Live streaming only vs live + chat #

  • Streaming only (no chat): use IvsRealtimePlatform + the platform view (AwsIvsRealtimePlatformView.viewType) and a participant token from mintParticipantToken / your backend. Do not create IvsChatSession, do not call mintChatToken / createChatRoom, and do not add chat UI widgets. The native stage never shows a chat pane by itself—there is no plugin-wide “chat on/off” flag; chat appears only if your app wires it up.
  • Streaming + chat: additionally connect IvsChatSession and build your own message list / composer.
  • IvsLiveControlPlane lists chat APIs alongside Real-Time APIs so one implementation can power both products; you may still call only the stage-related methods from your UI—unused chat methods stay unused (no extra change inside this package).
  • The example/ app demonstrates both together for convenience; a minimal integration can be video only.
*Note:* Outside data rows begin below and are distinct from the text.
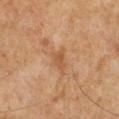Assessment: The lesion was photographed on a routine skin check and not biopsied; there is no pathology result. Acquisition and patient details: About 3 mm across. From the front of the torso. A close-up tile cropped from a whole-body skin photograph, about 15 mm across. The patient is a male aged 48 to 52.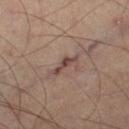The lesion was photographed on a routine skin check and not biopsied; there is no pathology result. Measured at roughly 4 mm in maximum diameter. The lesion is on the right thigh. A male subject, in their mid- to late 60s. Imaged with cross-polarized lighting. A 15 mm crop from a total-body photograph taken for skin-cancer surveillance.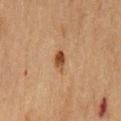notes: no biopsy performed (imaged during a skin exam) | diameter: about 2.5 mm | location: the chest | TBP lesion metrics: a lesion area of about 3 mm², an eccentricity of roughly 0.85, and two-axis asymmetry of about 0.2 | patient: male, aged approximately 75 | imaging modality: ~15 mm crop, total-body skin-cancer survey | illumination: cross-polarized.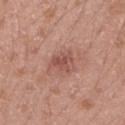workup: imaged on a skin check; not biopsied.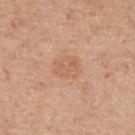follow-up: catalogued during a skin exam; not biopsied
anatomic site: the arm
imaging modality: total-body-photography crop, ~15 mm field of view
subject: female, aged approximately 40
diameter: about 3 mm
automated metrics: an area of roughly 6 mm² and an outline eccentricity of about 0.6 (0 = round, 1 = elongated); a color-variation rating of about 2.5/10 and peripheral color asymmetry of about 1; an automated nevus-likeness rating near 5 out of 100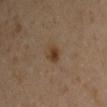| key | value |
|---|---|
| notes | imaged on a skin check; not biopsied |
| image | 15 mm crop, total-body photography |
| lesion size | ≈2.5 mm |
| tile lighting | cross-polarized illumination |
| patient | male, aged approximately 45 |
| site | the right upper arm |
| TBP lesion metrics | border irregularity of about 2 on a 0–10 scale, internal color variation of about 4 on a 0–10 scale, and a peripheral color-asymmetry measure near 1.5; lesion-presence confidence of about 100/100 |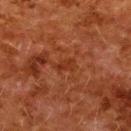Impression: Imaged during a routine full-body skin examination; the lesion was not biopsied and no histopathology is available. Image and clinical context: Automated tile analysis of the lesion measured a lesion area of about 3 mm², an eccentricity of roughly 0.85, and a shape-asymmetry score of about 0.35 (0 = symmetric). A close-up tile cropped from a whole-body skin photograph, about 15 mm across. The lesion's longest dimension is about 2.5 mm. The lesion is located on the upper back. The tile uses cross-polarized illumination. The patient is a female aged around 50.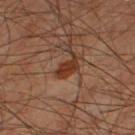Case summary:
– follow-up · catalogued during a skin exam; not biopsied
– body site · the left thigh
– image · total-body-photography crop, ~15 mm field of view
– tile lighting · cross-polarized
– subject · male, aged 58–62
– size · ~3.5 mm (longest diameter)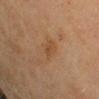<lesion>
<lighting>cross-polarized</lighting>
<lesion_size>
  <long_diameter_mm_approx>3.5</long_diameter_mm_approx>
</lesion_size>
<patient>
  <sex>female</sex>
  <age_approx>70</age_approx>
</patient>
<site>left upper arm</site>
<automated_metrics>
  <area_mm2_approx>4.0</area_mm2_approx>
  <eccentricity>0.9</eccentricity>
  <cielab_L>41</cielab_L>
  <cielab_a>17</cielab_a>
  <cielab_b>31</cielab_b>
  <vs_skin_darker_L>6.0</vs_skin_darker_L>
  <vs_skin_contrast_norm>5.5</vs_skin_contrast_norm>
  <nevus_likeness_0_100>0</nevus_likeness_0_100>
  <lesion_detection_confidence_0_100>100</lesion_detection_confidence_0_100>
</automated_metrics>
<image>
  <source>total-body photography crop</source>
  <field_of_view_mm>15</field_of_view_mm>
</image>
</lesion>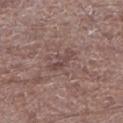Q: Was a biopsy performed?
A: no biopsy performed (imaged during a skin exam)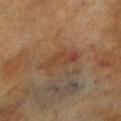Q: Was this lesion biopsied?
A: catalogued during a skin exam; not biopsied
Q: What is the imaging modality?
A: total-body-photography crop, ~15 mm field of view
Q: Lesion size?
A: about 5 mm
Q: Who is the patient?
A: male, aged 68–72
Q: Where on the body is the lesion?
A: the right lower leg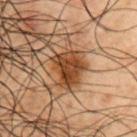Recorded during total-body skin imaging; not selected for excision or biopsy.
From the right upper arm.
Cropped from a total-body skin-imaging series; the visible field is about 15 mm.
The subject is a male about 50 years old.
This is a cross-polarized tile.
Longest diameter approximately 4 mm.
Automated image analysis of the tile measured a lesion area of about 11 mm², an eccentricity of roughly 0.55, and two-axis asymmetry of about 0.35. The analysis additionally found a lesion color around L≈32 a*≈18 b*≈28 in CIELAB and a normalized border contrast of about 11. And it measured a nevus-likeness score of about 90/100.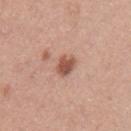Assessment: This lesion was catalogued during total-body skin photography and was not selected for biopsy. Clinical summary: Cropped from a whole-body photographic skin survey; the tile spans about 15 mm. The lesion is located on the left upper arm. The subject is a female in their mid-30s.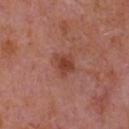biopsy_status: not biopsied; imaged during a skin examination
image:
  source: total-body photography crop
  field_of_view_mm: 15
patient:
  sex: male
  age_approx: 65
site: chest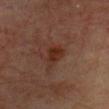Clinical impression: No biopsy was performed on this lesion — it was imaged during a full skin examination and was not determined to be concerning. Context: The tile uses cross-polarized illumination. Automated tile analysis of the lesion measured an average lesion color of about L≈26 a*≈19 b*≈24 (CIELAB), about 7 CIELAB-L* units darker than the surrounding skin, and a lesion-to-skin contrast of about 8.5 (normalized; higher = more distinct). It also reported border irregularity of about 3 on a 0–10 scale and internal color variation of about 2.5 on a 0–10 scale. From the upper back. A close-up tile cropped from a whole-body skin photograph, about 15 mm across. A male patient in their 60s. Approximately 2.5 mm at its widest.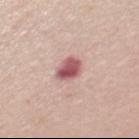Clinical impression:
The lesion was photographed on a routine skin check and not biopsied; there is no pathology result.
Background:
Imaged with white-light lighting. A 15 mm close-up tile from a total-body photography series done for melanoma screening. Automated tile analysis of the lesion measured a footprint of about 6.5 mm², an eccentricity of roughly 0.55, and a symmetry-axis asymmetry near 0.15. And it measured a mean CIELAB color near L≈56 a*≈28 b*≈19, a lesion–skin lightness drop of about 16, and a lesion-to-skin contrast of about 10.5 (normalized; higher = more distinct). The lesion is located on the chest. The patient is a female aged 33 to 37.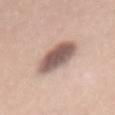notes = imaged on a skin check; not biopsied | location = the mid back | patient = female, aged 43–47 | image source = ~15 mm crop, total-body skin-cancer survey.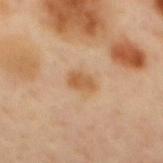Clinical impression:
This lesion was catalogued during total-body skin photography and was not selected for biopsy.
Clinical summary:
Cropped from a total-body skin-imaging series; the visible field is about 15 mm. A male subject, about 40 years old. The lesion is on the mid back.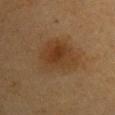Q: Is there a histopathology result?
A: imaged on a skin check; not biopsied
Q: What lighting was used for the tile?
A: cross-polarized illumination
Q: Lesion size?
A: ≈6 mm
Q: Where on the body is the lesion?
A: the right upper arm
Q: What did automated image analysis measure?
A: an automated nevus-likeness rating near 90 out of 100
Q: Who is the patient?
A: female, in their mid-50s
Q: What is the imaging modality?
A: ~15 mm crop, total-body skin-cancer survey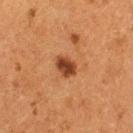Assessment:
Imaged during a routine full-body skin examination; the lesion was not biopsied and no histopathology is available.
Acquisition and patient details:
A female patient, in their 50s. The lesion is located on the left thigh. Imaged with cross-polarized lighting. Cropped from a total-body skin-imaging series; the visible field is about 15 mm. Automated image analysis of the tile measured a shape eccentricity near 0.65 and a shape-asymmetry score of about 0.15 (0 = symmetric). The software also gave border irregularity of about 1.5 on a 0–10 scale and a color-variation rating of about 2.5/10. And it measured a nevus-likeness score of about 95/100 and lesion-presence confidence of about 100/100. About 3 mm across.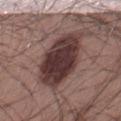Captured during whole-body skin photography for melanoma surveillance; the lesion was not biopsied.
A 15 mm close-up extracted from a 3D total-body photography capture.
Located on the right thigh.
Measured at roughly 8 mm in maximum diameter.
Captured under white-light illumination.
A male subject, aged approximately 55.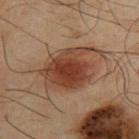  biopsy_status: not biopsied; imaged during a skin examination
  patient:
    sex: male
    age_approx: 65
  site: upper back
  image:
    source: total-body photography crop
    field_of_view_mm: 15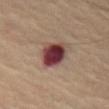| feature | finding |
|---|---|
| body site | the chest |
| tile lighting | cross-polarized illumination |
| image | ~15 mm crop, total-body skin-cancer survey |
| subject | male, roughly 70 years of age |
| lesion diameter | ≈4 mm |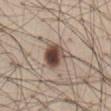  biopsy_status: not biopsied; imaged during a skin examination
  lesion_size:
    long_diameter_mm_approx: 4.0
  image:
    source: total-body photography crop
    field_of_view_mm: 15
  site: abdomen
  lighting: white-light
  patient:
    sex: male
    age_approx: 60
  automated_metrics:
    border_irregularity_0_10: 3.0
    peripheral_color_asymmetry: 4.0
    nevus_likeness_0_100: 95
    lesion_detection_confidence_0_100: 100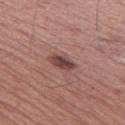Recorded during total-body skin imaging; not selected for excision or biopsy. An algorithmic analysis of the crop reported a footprint of about 5 mm², an outline eccentricity of about 0.85 (0 = round, 1 = elongated), and a symmetry-axis asymmetry near 0.25. The analysis additionally found a nevus-likeness score of about 75/100 and a lesion-detection confidence of about 100/100. From the left thigh. A roughly 15 mm field-of-view crop from a total-body skin photograph. The subject is a male aged approximately 50. This is a white-light tile. The recorded lesion diameter is about 3.5 mm.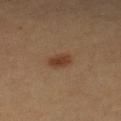Clinical impression:
This lesion was catalogued during total-body skin photography and was not selected for biopsy.
Background:
The lesion is on the left lower leg. Measured at roughly 3 mm in maximum diameter. A roughly 15 mm field-of-view crop from a total-body skin photograph. This is a cross-polarized tile. A female subject aged around 60.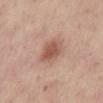  site: abdomen
  patient:
    sex: male
    age_approx: 55
  lighting: white-light
  lesion_size:
    long_diameter_mm_approx: 3.5
  image:
    source: total-body photography crop
    field_of_view_mm: 15
  automated_metrics:
    eccentricity: 0.65
    shape_asymmetry: 0.2
    vs_skin_darker_L: 11.0
    vs_skin_contrast_norm: 7.5

Source repository, pub.dev, and where to run the demo #

What URL / path
GitHub (browse source) https://github.com/vipulbansal/aws_ivs_realtime
Clone git clone https://github.com/vipulbansal/aws_ivs_realtime.git
Issues https://github.com/vipulbansal/aws_ivs_realtime/issues
Runnable example app Folder example/ in that repository — open example/ on GitHub
Published package https://pub.dev/packages/aws_ivs_realtime
Sample app (app-only, no backend) aws_ivs_realtime_usage — standalone Flutter repo: use the package from the app only (no separate backend) as a reference for integration

Reference — app-only sample: vipulbansal/aws_ivs_realtime_usage is a standalone Flutter project (not the in-repo example/) that shows how to wire aws_ivs_realtime without a backend—ideal if you depend on pub.dev and want a full app tree to copy from. Clone: https://github.com/vipulbansal/aws_ivs_realtime_usage.
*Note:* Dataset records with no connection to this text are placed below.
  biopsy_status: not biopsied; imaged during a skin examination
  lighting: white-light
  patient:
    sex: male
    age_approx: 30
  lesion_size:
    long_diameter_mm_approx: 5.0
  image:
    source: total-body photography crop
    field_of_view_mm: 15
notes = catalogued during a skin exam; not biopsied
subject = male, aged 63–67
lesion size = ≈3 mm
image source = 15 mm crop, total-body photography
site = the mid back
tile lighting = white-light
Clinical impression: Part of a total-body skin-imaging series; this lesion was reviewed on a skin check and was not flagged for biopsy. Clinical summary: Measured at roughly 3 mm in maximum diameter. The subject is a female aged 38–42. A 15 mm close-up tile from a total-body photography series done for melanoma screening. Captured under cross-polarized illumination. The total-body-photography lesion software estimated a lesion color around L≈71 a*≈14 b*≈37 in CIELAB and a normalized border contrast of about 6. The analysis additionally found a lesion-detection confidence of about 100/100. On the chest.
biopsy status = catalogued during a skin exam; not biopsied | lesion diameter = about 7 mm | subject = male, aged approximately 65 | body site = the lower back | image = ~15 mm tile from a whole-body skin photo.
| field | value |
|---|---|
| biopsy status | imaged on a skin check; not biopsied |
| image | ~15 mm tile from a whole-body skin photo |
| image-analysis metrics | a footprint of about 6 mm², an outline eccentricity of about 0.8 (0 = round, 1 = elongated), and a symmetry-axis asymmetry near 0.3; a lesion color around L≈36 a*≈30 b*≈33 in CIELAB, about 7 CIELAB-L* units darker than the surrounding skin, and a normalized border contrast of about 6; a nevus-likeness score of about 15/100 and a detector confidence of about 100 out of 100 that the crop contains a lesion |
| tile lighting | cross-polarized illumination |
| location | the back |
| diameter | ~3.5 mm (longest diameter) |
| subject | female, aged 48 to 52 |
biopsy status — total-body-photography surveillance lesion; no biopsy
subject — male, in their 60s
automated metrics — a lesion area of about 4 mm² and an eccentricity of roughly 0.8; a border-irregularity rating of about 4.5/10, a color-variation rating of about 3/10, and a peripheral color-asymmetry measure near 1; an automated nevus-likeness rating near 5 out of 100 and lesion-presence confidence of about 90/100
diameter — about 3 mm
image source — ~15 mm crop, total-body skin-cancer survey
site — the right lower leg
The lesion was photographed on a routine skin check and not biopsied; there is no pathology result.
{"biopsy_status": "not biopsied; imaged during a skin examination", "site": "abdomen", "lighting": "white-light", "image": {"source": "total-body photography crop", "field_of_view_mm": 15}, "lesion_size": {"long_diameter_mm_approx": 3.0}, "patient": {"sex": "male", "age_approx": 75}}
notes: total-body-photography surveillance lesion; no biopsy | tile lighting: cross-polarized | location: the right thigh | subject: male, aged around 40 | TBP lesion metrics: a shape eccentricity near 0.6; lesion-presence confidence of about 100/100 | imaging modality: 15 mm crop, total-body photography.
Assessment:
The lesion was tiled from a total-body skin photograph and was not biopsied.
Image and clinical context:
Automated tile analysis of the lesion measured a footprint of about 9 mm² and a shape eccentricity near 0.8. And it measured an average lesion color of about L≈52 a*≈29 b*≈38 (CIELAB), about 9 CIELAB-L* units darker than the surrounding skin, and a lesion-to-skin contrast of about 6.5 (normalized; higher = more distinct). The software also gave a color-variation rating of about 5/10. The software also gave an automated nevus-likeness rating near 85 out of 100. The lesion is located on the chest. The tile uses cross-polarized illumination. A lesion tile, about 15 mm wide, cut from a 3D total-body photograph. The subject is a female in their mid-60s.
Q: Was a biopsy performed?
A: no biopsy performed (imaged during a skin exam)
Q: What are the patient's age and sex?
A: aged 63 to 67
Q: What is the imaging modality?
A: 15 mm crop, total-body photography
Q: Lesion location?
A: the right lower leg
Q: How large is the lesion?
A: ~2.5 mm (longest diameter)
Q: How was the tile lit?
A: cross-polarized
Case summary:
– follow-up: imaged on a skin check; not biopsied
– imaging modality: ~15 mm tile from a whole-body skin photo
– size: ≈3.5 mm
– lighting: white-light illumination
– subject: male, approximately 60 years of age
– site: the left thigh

Two layers (do not confuse them) #

Layer Purpose Key type
Native stage Render tiles + send/receive real-time A/V IvsRealtimePlatform.join needs only the IVS participant token (opaque string from AWS CreateParticipantToken). Never pass IAM access key / secret here.
Control plane (Dart) Create stages, list stages, mint participant/chat tokens, delete resources Either your backend (implement IvsLiveControlPlane) or IAM credentials inside the app via IvsAwsSigV4ControlPlane (non-production pattern).

Backend integration: implement IvsLiveControlPlane #

If your AWS keys and SigV4 signing live only on your servers, the Flutter side should implements IvsLiveControlPlane.

What you must do (no ambiguity) #

  1. Create a Dart class that implements IvsLiveControlPlane (see lib/ivs_live_control_plane.dart for exact signatures).
  2. Implement every method in that abstract class. Each method corresponds one-to-one to an AWS operation listed below. Your implementation typically:
    • forwards the method arguments to your HTTP/gRPC/mobile-BFF API using your URLs and auth; then
    • parses your API’s JSON into the Dart return type shown.
  3. Your server performs the real AWS call (with an IAM role or temporary credentials). The app never receives long-lived IAM user keys in this model.
  4. Reference: IvsAwsSigV4ControlPlane in this repo is the same interface already implemented using SigV4 from the device — use its source as a behavioral reference for what each operation is supposed to accomplish (then replace networking with calls to your backend).

This README does not define your REST paths or JSON field names; only the Dart contract is fixed.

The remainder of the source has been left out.